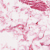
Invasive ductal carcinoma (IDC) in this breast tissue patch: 0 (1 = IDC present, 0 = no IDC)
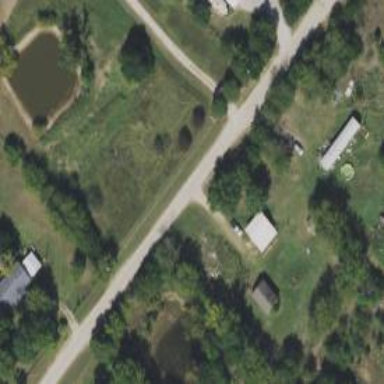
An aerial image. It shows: Driveway leading to service road.
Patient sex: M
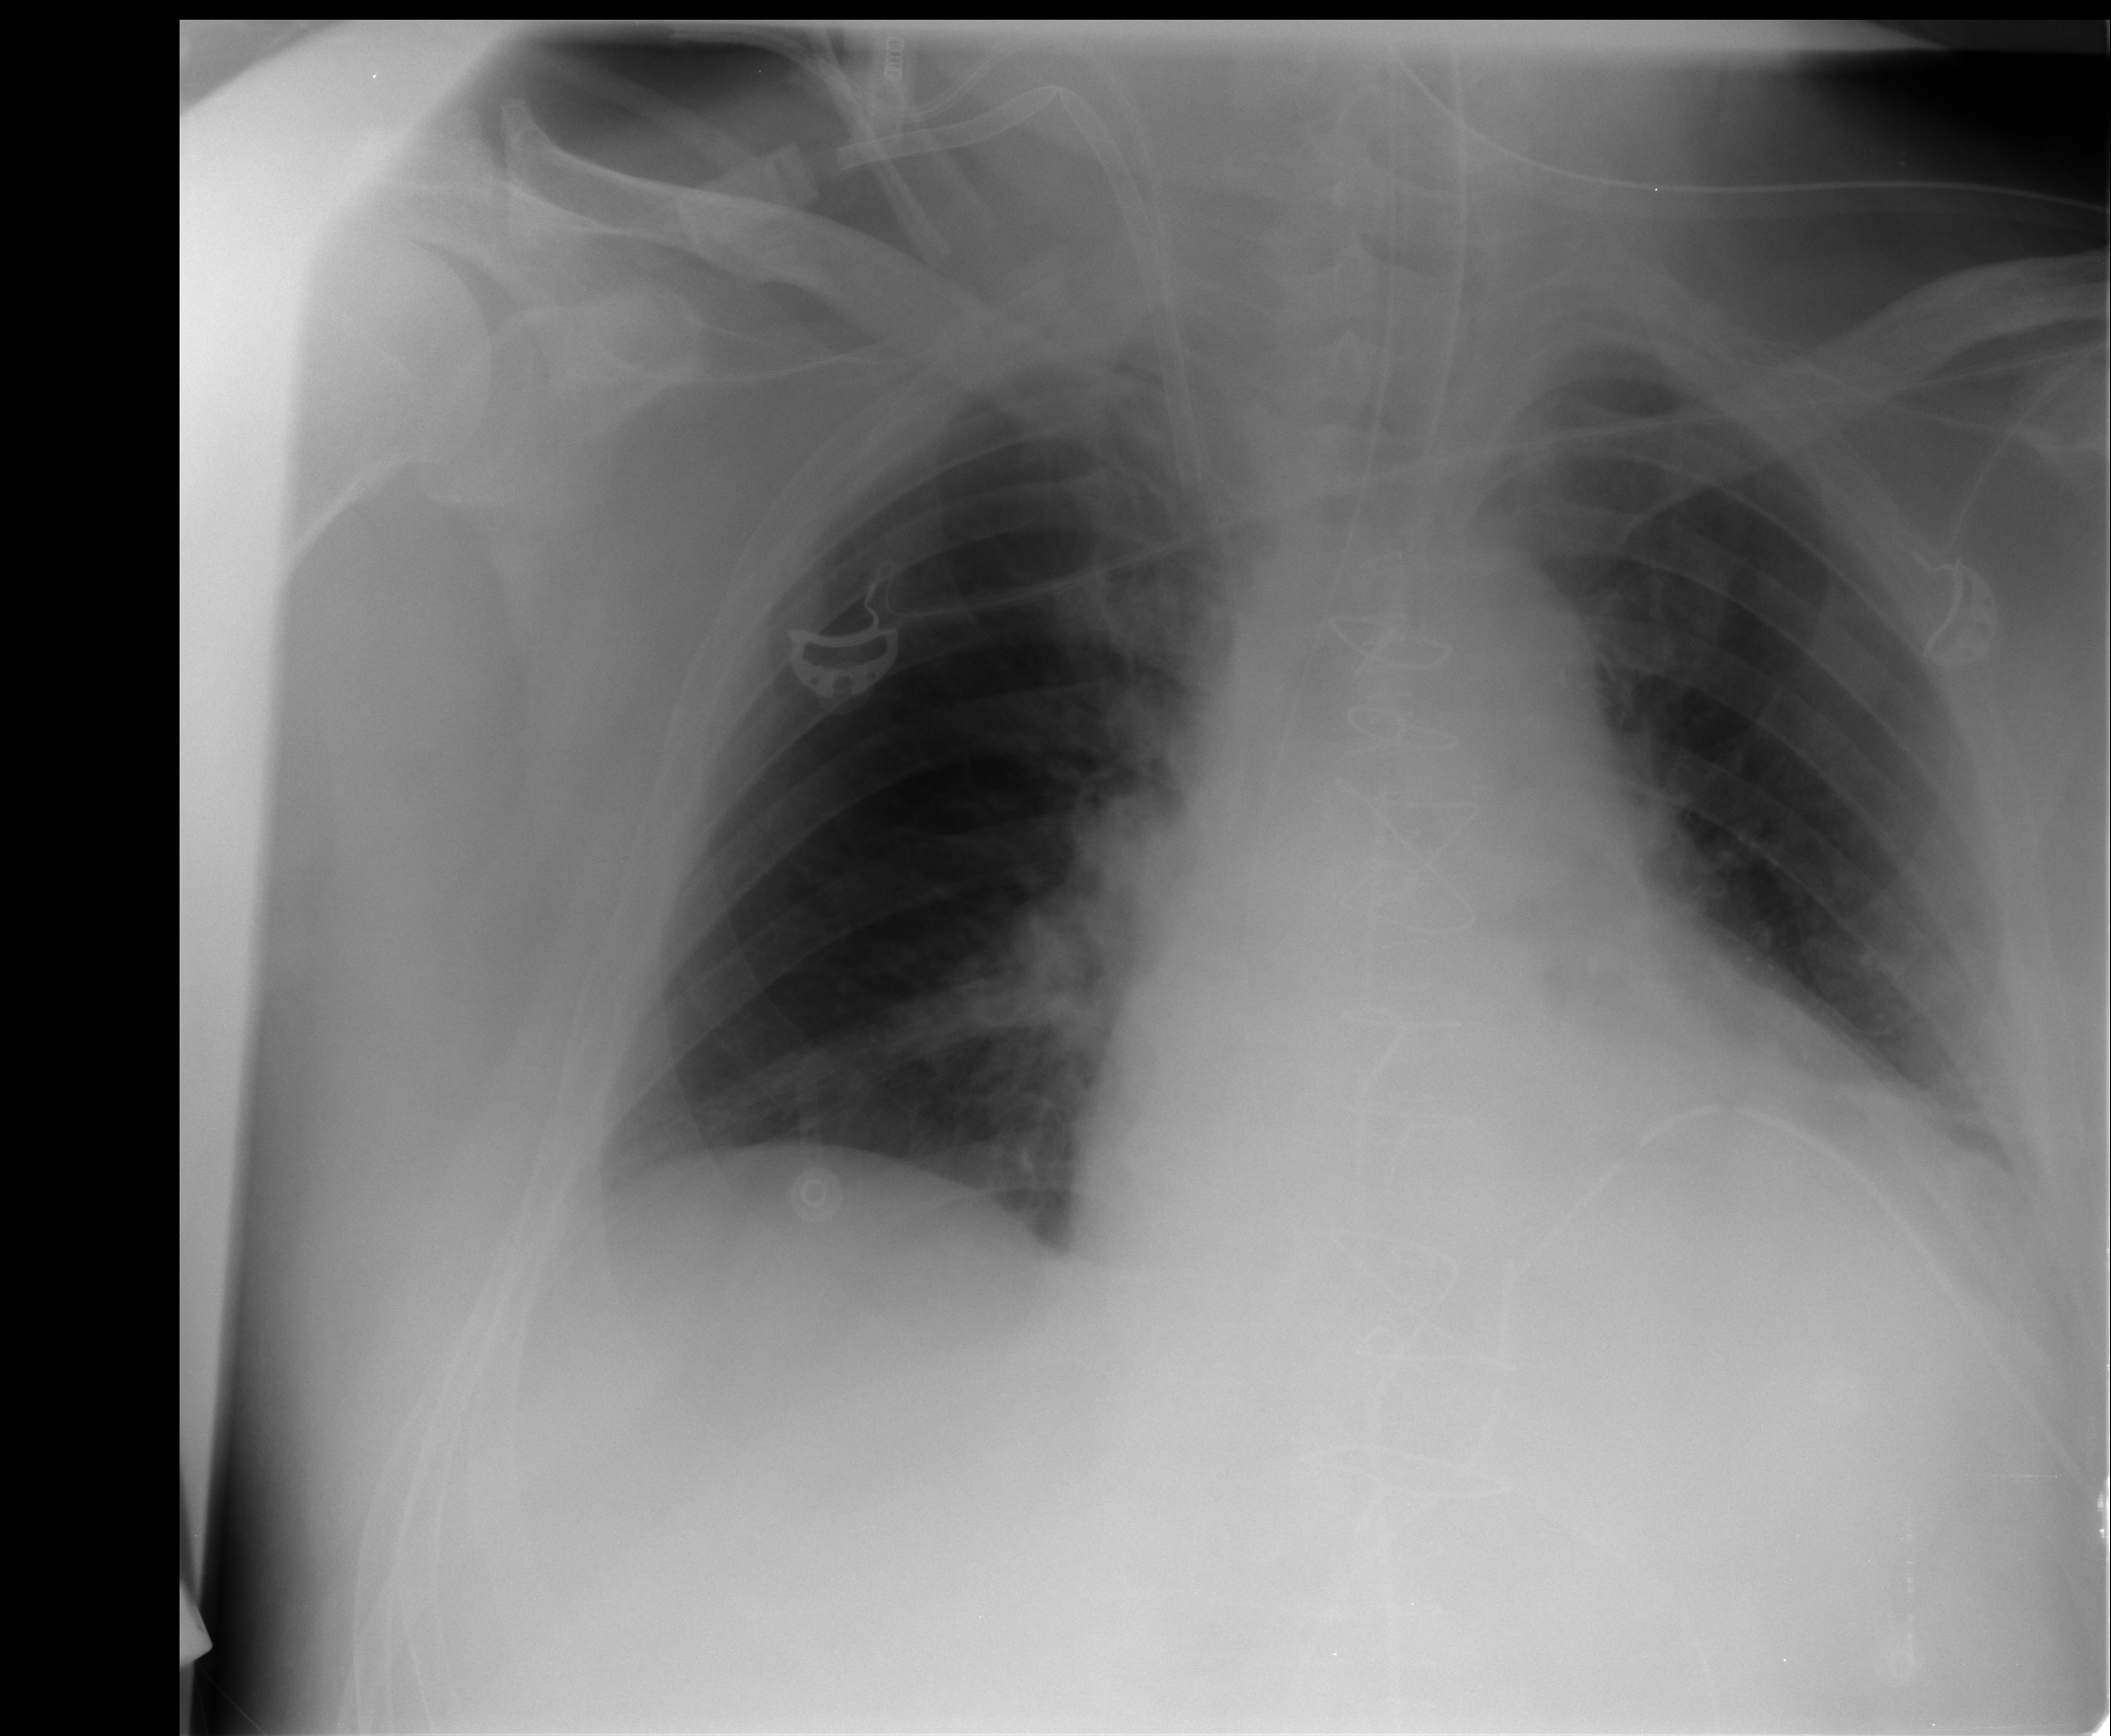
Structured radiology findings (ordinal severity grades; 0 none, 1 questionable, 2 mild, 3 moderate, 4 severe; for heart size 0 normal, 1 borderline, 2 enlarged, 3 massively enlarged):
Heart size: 1
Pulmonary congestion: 2
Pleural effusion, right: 0
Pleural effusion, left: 0
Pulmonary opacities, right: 0
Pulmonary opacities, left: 0
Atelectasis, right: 2
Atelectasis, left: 2
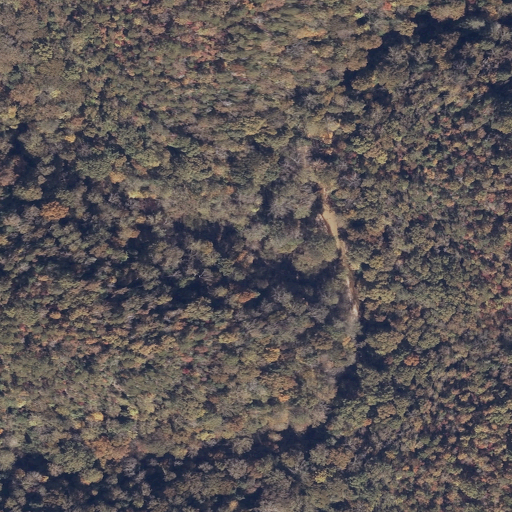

§ Exercise description
The copy should hold exactly the lines from the line containing "An aerial image." through the end of the data, both ends included, and no pictures.

§ Reply to the exercise
An aerial image. It shows: Driveway leading to service road.
Patient sex: M
Structured radiology findings (ordinal severity grades; 0 none, 1 questionable, 2 mild, 3 moderate, 4 severe; for heart size 0 normal, 1 borderline, 2 enlarged, 3 massively enlarged):
Heart size: 1
Pulmonary congestion: 2
Pleural effusion, right: 0
Pleural effusion, left: 0
Pulmonary opacities, right: 0
Pulmonary opacities, left: 0
Atelectasis, right: 2
Atelectasis, left: 2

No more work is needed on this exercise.